The pachy paced and spun, readying another charge.

Cambria fired again, this time at closer range and right into the pachy’s pulsing neck. Luis moved to the opposite flank and pulled a handheld subsonic speaker from his belt. A shockwave of subsonic vibration swept the clearing. The pachy staggered—once, twice—then collapsed sideways with a seismic thud that rolled through the group’s feet like thunder.

The herd of pachys in the brush stampeded away.

The matriarch pachy pushed itself up, snorted, and trotted off behind her herd.

Luis disengaged the speaker.

Silence followed. No one breathed.

A couple of them threw up. Maybe from the subsonic sound, maybe from the dinosaur attack, maybe both.

The dad finally spoke, dazed: “Did… did you get that on video?”

Cambria didn’t answer. She was already kneeling beside the injured PSG, blood soaking his khaki vest like a flash flood. Cora stared, frozen. The honeymooners clutched each other even tighter. One of the bros was gone, just off-trail, still throwing up. The other two were filming. They nodded to the dad.

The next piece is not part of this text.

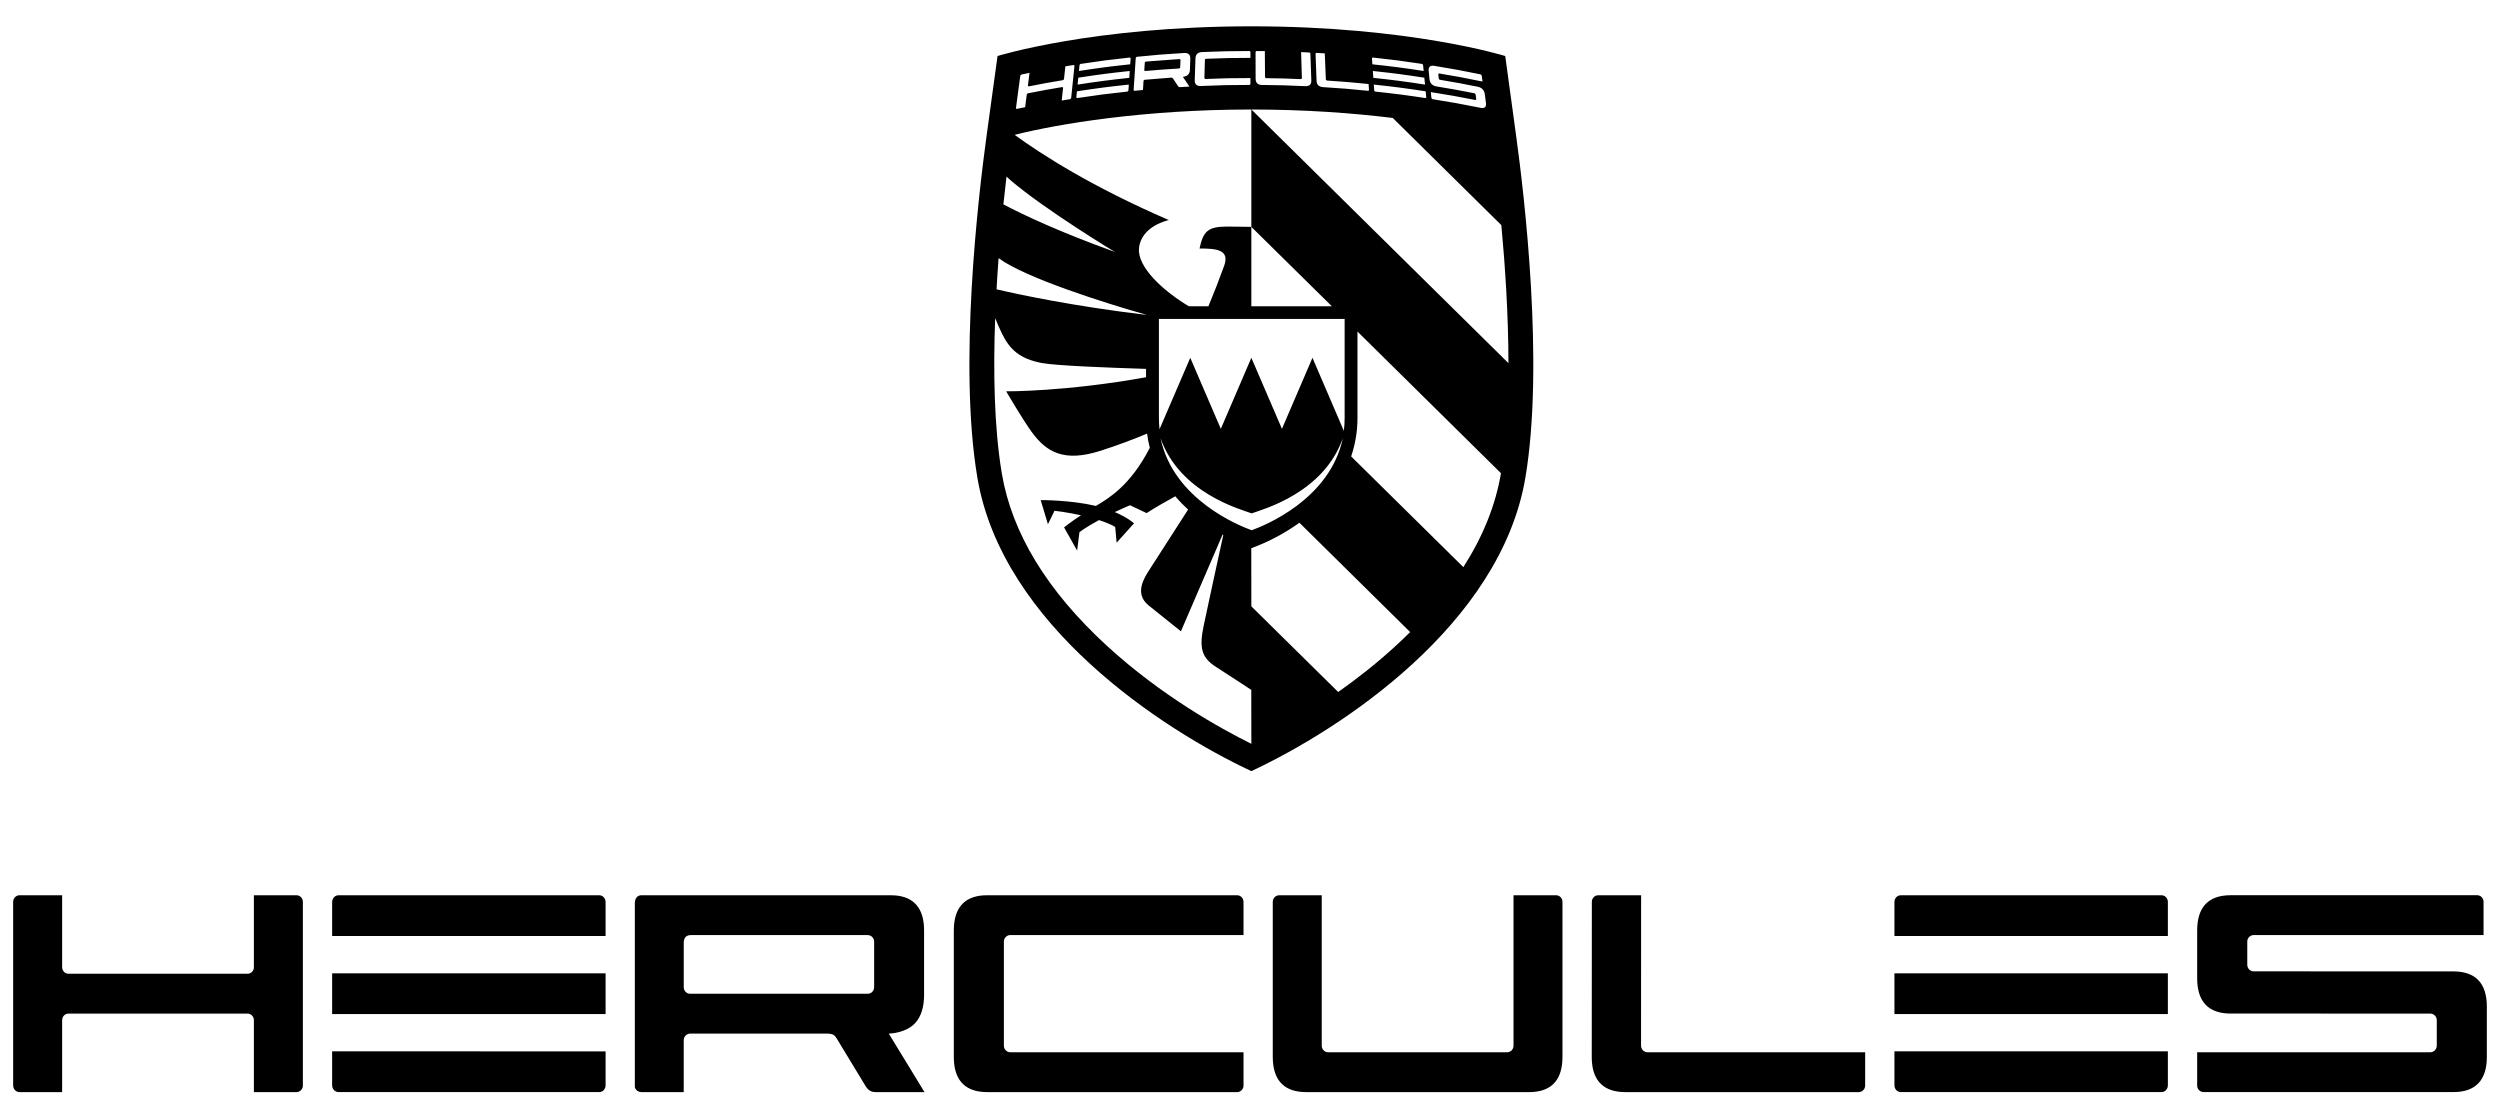 <svg width="76" height="34" viewBox="0 0 76 34" fill="none" xmlns="http://www.w3.org/2000/svg">
<path fill-rule="evenodd" clip-rule="evenodd" d="M46.094 4.154L45.759 1.703C45.759 1.703 42.87 0.8 38.041 0.8C33.213 0.8 30.325 1.703 30.325 1.703L29.985 4.18C29.741 5.97 29.135 11.101 29.712 14.519C30.464 18.993 35.318 22.169 38.041 23.442C40.765 22.169 45.617 18.993 46.372 14.519C46.95 11.085 46.337 5.919 46.094 4.154ZM38.044 3.329C39.668 3.329 41.125 3.437 42.34 3.586L45.641 6.844C45.758 8.098 45.855 9.584 45.857 11.04L38.043 3.329H38.044ZM45.627 14.397C45.464 15.361 45.081 16.311 44.486 17.241L41.075 13.875C41.203 13.498 41.268 13.102 41.267 12.703V10.079L45.628 14.384C45.627 14.389 45.627 14.392 45.627 14.397ZM42.43 19.634C41.851 20.167 41.253 20.634 40.681 21.037L38.041 18.433L38.039 16.663C38.043 16.665 38.041 16.661 38.047 16.663C38.564 16.473 39.054 16.213 39.502 15.891L42.869 19.215C42.728 19.355 42.583 19.494 42.43 19.634ZM33.652 19.634C31.836 17.968 30.761 16.206 30.456 14.397C30.222 13.008 30.192 11.306 30.253 9.671C30.315 9.824 30.383 9.983 30.458 10.136C30.694 10.624 30.998 10.907 31.667 11.035C32.095 11.117 33.72 11.179 34.84 11.214V11.468C32.383 11.912 30.587 11.896 30.587 11.896C30.587 11.896 31.091 12.758 31.365 13.133C31.819 13.754 32.351 14.058 33.461 13.702C33.938 13.549 34.409 13.375 34.871 13.182C34.891 13.332 34.918 13.476 34.954 13.614C34.374 14.745 33.715 15.146 33.315 15.38L33.31 15.379C32.535 15.197 31.637 15.203 31.637 15.203L31.857 15.937L32.057 15.527C32.057 15.527 32.441 15.571 32.862 15.664C32.545 15.871 32.348 16.032 32.348 16.032L32.744 16.737L32.815 16.179C32.815 16.179 32.979 16.045 33.408 15.811C33.849 15.956 33.903 16.026 33.903 16.026L33.945 16.498L34.474 15.909C34.474 15.909 34.286 15.734 33.89 15.567C34.085 15.475 34.257 15.4 34.351 15.359L34.857 15.598C35.119 15.429 35.434 15.249 35.729 15.087C35.852 15.233 35.983 15.368 36.118 15.492L34.95 17.308C34.791 17.557 34.469 18.041 34.916 18.403C35.403 18.796 35.9 19.192 35.9 19.192L37.166 16.252L37.188 16.265C37.083 16.746 36.721 18.401 36.592 19.02C36.446 19.711 36.534 20.001 36.981 20.284C37.364 20.528 38.039 20.973 38.039 20.973L38.041 22.612C37.098 22.145 35.302 21.148 33.652 19.634ZM30.357 7.847C30.456 7.92 30.566 7.988 30.692 8.058C31.91 8.73 34.522 9.477 34.841 9.567V9.572C32.615 9.304 30.996 8.959 30.295 8.795C30.313 8.472 30.334 8.155 30.357 7.847ZM30.598 5.366C30.63 5.398 30.664 5.43 30.701 5.463C31.752 6.367 33.891 7.659 33.891 7.659C32.204 7.049 31.122 6.539 30.503 6.213C30.535 5.91 30.567 5.626 30.598 5.366ZM38.041 3.329L38.041 6.897C37.783 6.895 37.522 6.887 37.29 6.888C36.717 6.891 36.578 7.034 36.466 7.555C37.003 7.552 37.379 7.602 37.218 8.07C37.067 8.487 36.907 8.901 36.736 9.311H36.141C35.343 8.833 34.572 8.114 34.626 7.546C34.691 6.861 35.533 6.69 35.533 6.69C33.175 5.671 31.644 4.682 30.844 4.099C32.148 3.772 34.752 3.329 38.041 3.329L38.041 3.329ZM31.015 2.307C31.017 2.297 31.022 2.287 31.029 2.28C31.037 2.272 31.046 2.267 31.056 2.264L31.298 2.216L31.249 2.596C31.247 2.615 31.261 2.628 31.28 2.625C31.69 2.543 31.895 2.506 32.307 2.438C32.317 2.435 32.326 2.43 32.333 2.423C32.34 2.416 32.345 2.406 32.346 2.396L32.387 2.016L32.631 1.977C32.65 1.974 32.664 1.987 32.663 2.007L32.564 2.976C32.562 2.986 32.557 2.995 32.55 3.002C32.543 3.009 32.534 3.014 32.524 3.016L32.276 3.056L32.317 2.677C32.319 2.658 32.304 2.645 32.284 2.648C31.871 2.717 31.665 2.754 31.254 2.836C31.244 2.838 31.234 2.844 31.227 2.851C31.22 2.859 31.215 2.868 31.213 2.878L31.164 3.259C31.065 3.279 31.016 3.288 30.917 3.309C30.898 3.313 30.884 3.301 30.886 3.281L31.016 2.308L31.015 2.307ZM32.739 2.776C33.368 2.68 33.684 2.639 34.316 2.571C34.312 2.641 34.309 2.675 34.304 2.746C34.303 2.756 34.298 2.765 34.291 2.772C34.284 2.779 34.275 2.784 34.265 2.785C33.659 2.85 33.357 2.889 32.755 2.98C32.735 2.983 32.719 2.97 32.721 2.951L32.739 2.776ZM32.78 2.362C33.404 2.266 33.717 2.225 34.344 2.158L34.33 2.367C33.805 2.421 33.281 2.49 32.759 2.572L32.78 2.362ZM32.817 1.983C32.819 1.972 32.823 1.963 32.83 1.956C32.838 1.948 32.847 1.943 32.857 1.942C33.448 1.852 33.744 1.814 34.338 1.75C34.358 1.748 34.373 1.762 34.371 1.781L34.359 1.955C33.734 2.022 33.422 2.062 32.8 2.158L32.817 1.983ZM34.526 1.772C34.528 1.746 34.546 1.728 34.565 1.726C35.138 1.668 35.425 1.645 36 1.611C36.127 1.604 36.19 1.663 36.185 1.785L36.173 2.123C36.174 2.178 36.154 2.231 36.118 2.271C36.059 2.33 35.96 2.336 35.96 2.336L36.158 2.632C36.042 2.638 35.985 2.641 35.87 2.649C35.859 2.649 35.848 2.648 35.839 2.643C35.829 2.638 35.821 2.631 35.815 2.622L35.656 2.383C35.644 2.365 35.634 2.358 35.601 2.36L34.802 2.425C34.792 2.426 34.782 2.431 34.775 2.438C34.768 2.445 34.764 2.454 34.763 2.464L34.746 2.736C34.647 2.745 34.596 2.75 34.497 2.76C34.476 2.762 34.461 2.748 34.462 2.736L34.526 1.772ZM36.342 1.776C36.346 1.655 36.412 1.589 36.539 1.583C37.018 1.561 37.498 1.55 37.977 1.551C37.997 1.551 38.013 1.567 38.013 1.585V1.759C37.475 1.76 37.205 1.765 36.666 1.787C36.656 1.787 36.647 1.791 36.64 1.797C36.633 1.804 36.629 1.813 36.629 1.823L36.614 2.367C36.614 2.386 36.63 2.401 36.65 2.401C37.195 2.379 37.468 2.373 38.013 2.373V2.547C38.013 2.566 37.996 2.582 37.976 2.582C37.389 2.582 37.096 2.589 36.509 2.614C36.38 2.621 36.316 2.562 36.32 2.44L36.342 1.776ZM40.821 13.323C40.43 15.19 38.42 15.987 38.051 16.119C37.683 15.987 35.672 15.19 35.281 13.323C35.865 14.983 37.695 15.479 38.051 15.606C38.407 15.479 40.238 14.983 40.821 13.323ZM39.899 10.877L38.971 13.037L38.041 10.877L37.113 13.037L36.184 10.877L35.249 13.05C35.237 12.935 35.231 12.819 35.231 12.703V9.695H40.877V12.703C40.877 12.838 40.869 12.969 40.853 13.098L39.899 10.878V10.877ZM38.041 6.897L40.488 9.31H38.041V6.897ZM38.206 1.552C38.303 1.552 38.353 1.552 38.451 1.553L38.457 2.34C38.457 2.36 38.474 2.376 38.494 2.376C38.913 2.381 39.123 2.387 39.541 2.405C39.561 2.406 39.577 2.391 39.577 2.371C39.568 2.057 39.564 1.899 39.554 1.584L39.799 1.596C39.809 1.596 39.818 1.6 39.825 1.607C39.832 1.614 39.836 1.623 39.836 1.633L39.864 2.445C39.869 2.567 39.805 2.625 39.675 2.619C39.24 2.597 38.804 2.585 38.368 2.583C38.238 2.582 38.172 2.519 38.171 2.397L38.169 1.586C38.169 1.567 38.185 1.551 38.206 1.552ZM40.027 1.608L40.273 1.623L40.306 2.412C40.306 2.43 40.324 2.447 40.344 2.449C40.766 2.475 41.186 2.51 41.605 2.554L41.617 2.729C41.618 2.748 41.603 2.761 41.583 2.76C41.131 2.712 40.678 2.675 40.225 2.649C40.095 2.641 40.027 2.575 40.023 2.453L39.993 1.641C39.992 1.621 40.008 1.607 40.027 1.608ZM41.742 1.75C42.335 1.814 42.632 1.852 43.223 1.942C43.242 1.945 43.26 1.963 43.262 1.983L43.279 2.158C42.761 2.076 42.242 2.009 41.72 1.955L41.708 1.781C41.707 1.761 41.722 1.748 41.742 1.75ZM43.321 2.572C42.799 2.489 42.275 2.421 41.749 2.367L41.735 2.158C42.361 2.225 42.675 2.266 43.299 2.362L43.321 2.572ZM43.358 2.951C43.36 2.97 43.345 2.983 43.325 2.98C42.823 2.902 42.32 2.837 41.815 2.785C41.805 2.784 41.796 2.779 41.789 2.772C41.782 2.765 41.777 2.756 41.776 2.746L41.763 2.571C42.396 2.639 42.711 2.68 43.34 2.776L43.358 2.951ZM43.603 2.002C44.166 2.094 44.445 2.146 45.005 2.26C45.024 2.265 45.042 2.284 45.045 2.303L45.068 2.479C44.633 2.387 44.196 2.306 43.758 2.234C43.737 2.231 43.722 2.244 43.725 2.264L43.738 2.385C43.74 2.404 43.758 2.423 43.778 2.426C44.236 2.502 44.465 2.545 44.922 2.637C45.048 2.663 45.121 2.739 45.138 2.863L45.173 3.13C45.19 3.253 45.133 3.303 45.005 3.277C44.427 3.161 44.137 3.109 43.556 3.016C43.536 3.013 43.517 2.994 43.515 2.976C43.509 2.905 43.504 2.87 43.497 2.8C44.038 2.885 44.308 2.933 44.845 3.039C44.865 3.043 44.88 3.031 44.878 3.011L44.86 2.877C44.858 2.867 44.853 2.857 44.846 2.85C44.839 2.842 44.829 2.837 44.819 2.835C44.437 2.758 44.054 2.689 43.669 2.627C43.542 2.606 43.471 2.533 43.458 2.411L43.432 2.157C43.419 2.034 43.477 1.982 43.603 2.001V2.002ZM35.853 1.796C35.872 1.795 35.888 1.809 35.887 1.827L35.878 2.049C35.877 2.066 35.859 2.082 35.84 2.083C35.431 2.107 35.227 2.122 34.82 2.158C34.8 2.16 34.785 2.146 34.787 2.129L34.801 1.911C34.802 1.892 34.814 1.874 34.843 1.871C34.872 1.868 35.853 1.796 35.853 1.796ZM27.08 27.216C27.713 27.216 28.053 27.538 28.089 28.17L28.092 28.285V30.247C28.092 30.596 28.007 30.896 27.831 31.091C27.556 31.397 27.087 31.42 27.026 31.422H27.019L28.105 33.2H26.613C26.495 33.2 26.395 33.147 26.321 33.029L25.439 31.575C25.382 31.48 25.335 31.436 25.215 31.425L25.149 31.422H20.977C20.933 31.423 20.89 31.439 20.857 31.468C20.823 31.496 20.799 31.535 20.791 31.578L20.785 31.624V33.2H19.491C19.45 33.199 19.41 33.186 19.377 33.163C19.344 33.139 19.318 33.106 19.304 33.068L19.299 33.036V27.456C19.299 27.325 19.365 27.239 19.452 27.22L19.491 27.216H27.08ZM37.61 27.216C37.654 27.216 37.697 27.232 37.731 27.261C37.765 27.289 37.788 27.328 37.797 27.371L37.803 27.418V28.426H30.709C30.665 28.427 30.623 28.443 30.589 28.472C30.555 28.5 30.532 28.539 30.523 28.582L30.518 28.629V31.786C30.518 31.882 30.581 31.962 30.666 31.983L30.71 31.989H37.803V32.998C37.803 33.043 37.789 33.086 37.762 33.122C37.735 33.157 37.697 33.183 37.654 33.195L37.61 33.2H30.01C29.376 33.2 29.035 32.877 28.999 32.246L28.996 32.131V28.284C28.996 27.617 29.302 27.256 29.901 27.219L30.01 27.216H37.61ZM1.889 27.216V29.4C1.889 29.495 1.952 29.576 2.036 29.596L2.081 29.602H7.527C7.571 29.601 7.614 29.585 7.648 29.557C7.682 29.529 7.705 29.49 7.714 29.446L7.718 29.4V27.216H9.015C9.059 27.216 9.102 27.232 9.136 27.261C9.17 27.289 9.193 27.328 9.202 27.371L9.207 27.417V32.998C9.208 33.042 9.194 33.086 9.167 33.121C9.14 33.157 9.102 33.183 9.059 33.195L9.015 33.2H7.718V31.015C7.719 30.971 7.705 30.927 7.678 30.892C7.651 30.856 7.613 30.83 7.57 30.819L7.527 30.813H2.081C2.036 30.814 1.994 30.83 1.96 30.858C1.926 30.887 1.903 30.926 1.894 30.969L1.889 31.015V33.2H0.592C0.548 33.199 0.505 33.183 0.471 33.155C0.438 33.126 0.414 33.087 0.406 33.044L0.4 32.998V27.418C0.4 27.374 0.414 27.33 0.441 27.294C0.468 27.259 0.505 27.233 0.548 27.221L0.592 27.216L1.889 27.216ZM49.89 27.216L49.888 31.787C49.888 31.882 49.951 31.962 50.037 31.983L50.081 31.989H56.701V32.998C56.701 33.043 56.687 33.086 56.66 33.122C56.633 33.157 56.595 33.183 56.552 33.195L56.508 33.2H49.41C48.772 33.2 48.428 32.877 48.392 32.246L48.389 32.131L48.392 27.418C48.391 27.373 48.406 27.329 48.433 27.294C48.46 27.258 48.498 27.232 48.541 27.221L48.585 27.216H49.89ZM40.181 27.216V31.786C40.18 31.831 40.194 31.875 40.221 31.91C40.248 31.946 40.286 31.972 40.329 31.984L40.373 31.989H45.819C45.864 31.988 45.906 31.972 45.94 31.944C45.974 31.915 45.997 31.876 46.006 31.833L46.011 31.786V27.216H47.307C47.352 27.217 47.394 27.233 47.428 27.261C47.462 27.289 47.485 27.328 47.494 27.371L47.499 27.418V32.131C47.499 32.8 47.193 33.159 46.593 33.197L46.484 33.2H39.707C39.073 33.2 38.731 32.877 38.696 32.246L38.692 32.131V27.418C38.691 27.373 38.706 27.33 38.733 27.294C38.76 27.258 38.798 27.233 38.841 27.221L38.884 27.216H40.181ZM18.41 31.962V32.994C18.41 33.09 18.346 33.173 18.26 33.194L18.217 33.199H10.29C10.245 33.198 10.202 33.182 10.168 33.153C10.134 33.124 10.111 33.084 10.102 33.04L10.097 32.993V31.961L18.41 31.962ZM65.903 31.962V32.994C65.903 33.09 65.84 33.173 65.754 33.194L65.711 33.199H57.784C57.739 33.198 57.696 33.182 57.662 33.153C57.628 33.124 57.604 33.084 57.596 33.04L57.591 32.993V31.961H65.903L65.903 31.962ZM75.308 27.215C75.414 27.215 75.5 27.306 75.5 27.417V28.426H68.508C68.456 28.428 68.407 28.45 68.371 28.488C68.336 28.525 68.316 28.575 68.317 28.627V29.327C68.317 29.439 68.403 29.529 68.508 29.529L74.585 29.531C75.257 29.531 75.6 29.892 75.6 30.6V32.13C75.6 32.838 75.257 33.199 74.585 33.199H66.986C66.934 33.198 66.884 33.176 66.848 33.138C66.812 33.1 66.793 33.05 66.794 32.998V31.988H73.886C73.991 31.988 74.078 31.897 74.078 31.786V31.015C74.079 30.963 74.059 30.913 74.023 30.875C73.987 30.837 73.938 30.815 73.886 30.813L67.809 30.812C67.138 30.812 66.794 30.45 66.794 29.742V28.283C66.794 27.576 67.138 27.215 67.809 27.215H75.308ZM18.41 29.589V30.827H10.097V29.589H18.41ZM65.903 29.589V30.827H57.591V29.589H65.903ZM26.382 28.427H20.998C20.861 28.427 20.801 28.511 20.789 28.61L20.786 28.653V30.009C20.786 30.103 20.847 30.181 20.929 30.204L20.972 30.21H26.382C26.426 30.209 26.468 30.194 26.503 30.165C26.536 30.137 26.56 30.098 26.569 30.055L26.574 30.009V28.629C26.575 28.576 26.555 28.526 26.52 28.488C26.483 28.45 26.434 28.428 26.382 28.427ZM18.217 27.216C18.308 27.216 18.384 27.284 18.405 27.375L18.41 27.422V28.454H10.097V27.422C10.097 27.325 10.16 27.242 10.246 27.221L10.29 27.216H18.217ZM57.785 27.216H65.711C65.801 27.216 65.878 27.284 65.899 27.375L65.903 27.422V28.454H57.591V27.422C57.591 27.325 57.655 27.242 57.74 27.221L57.785 27.216Z" fill="black"/>
</svg>

The dad opened his mouth, starting to ask if they’d send him their videos, but then those bros threw up, too.

Luis kneeled beside the injured PSG as Cambria unzipped his vest. Luis shook the half-empty flask at Cambria, “It’s always something.” 

Cambria pulled open the injured PSG’s vest and checked the vitals panel glowing faintly across the shield emitter’s cracked chest plate. “You remember your name?” she muttered, trying to keep him conscious.

He blinked up at her, eyes unfocused, blood in his mouth, “Do you?”

“See, you’re fine. Marvin’s just fine,” Luis said to Cambria.

“It’s Marlon,” he said, with a grimace that might’ve been a smile.

“It is?” Cambria asked, keeping him engaged.

“I don’t want to die a Marvin,” Marlon said incoherently. 

Cambria tore open a clotpack and slapped it onto Marlon’s ribs. “Might’ve punctured a lung. Not to mention, looks like you’re going to need some help getting out of your PSE. We need to evac him now. How’s your breathing feel? Can you make it back to the starting line?”

“Should it feel bubbly?” Marlon asked, knowing the answer.

They worked fast. The drone, Tracker, hovered low, emitting a directional pulse. Cambria tapped her watch to trigger emergency return coordinates and synced with Marlon’s tether

“Protocol says one of us stays with the group. They’ll send replacements.” Her eyes met Luis’s. No emotion, just duty. She grabbed two sticks off the ground and snapped them into her fist. “You pick.”

Luis sighed. “Gimme the short one.” He took a stick without looking and cast it aside behind him. “You get him back. We’ll keep walking. Tell whoever they’re sending to catch up. Nothing we haven’t done before, right?”

Cambria explored Luis’s face, but could only see her own reflected in his sunglasses. 

Cora watched from the perimeter. It’s like Cambria new exactly where she was. Cambria and Cora made eye contact, again, but spoke to Luis, “Nothing we haven’t done before.”

Cambria helped Marlon to his feet. Marlon’s blood-slick vest shimmered against his crushed, malfunctioning personal shield emitter, interfering with Cambria’s. Cambria deactivated Marlon’s shield. “Keep them alive,” she told Luis. “Everything’s going to be okay,” she said to the rest of the group. 

“Plan on it,” Luis grunted.

“What a way to start the week,” Cambria said, finally. She darted one last look at Cora, nodding slightly. 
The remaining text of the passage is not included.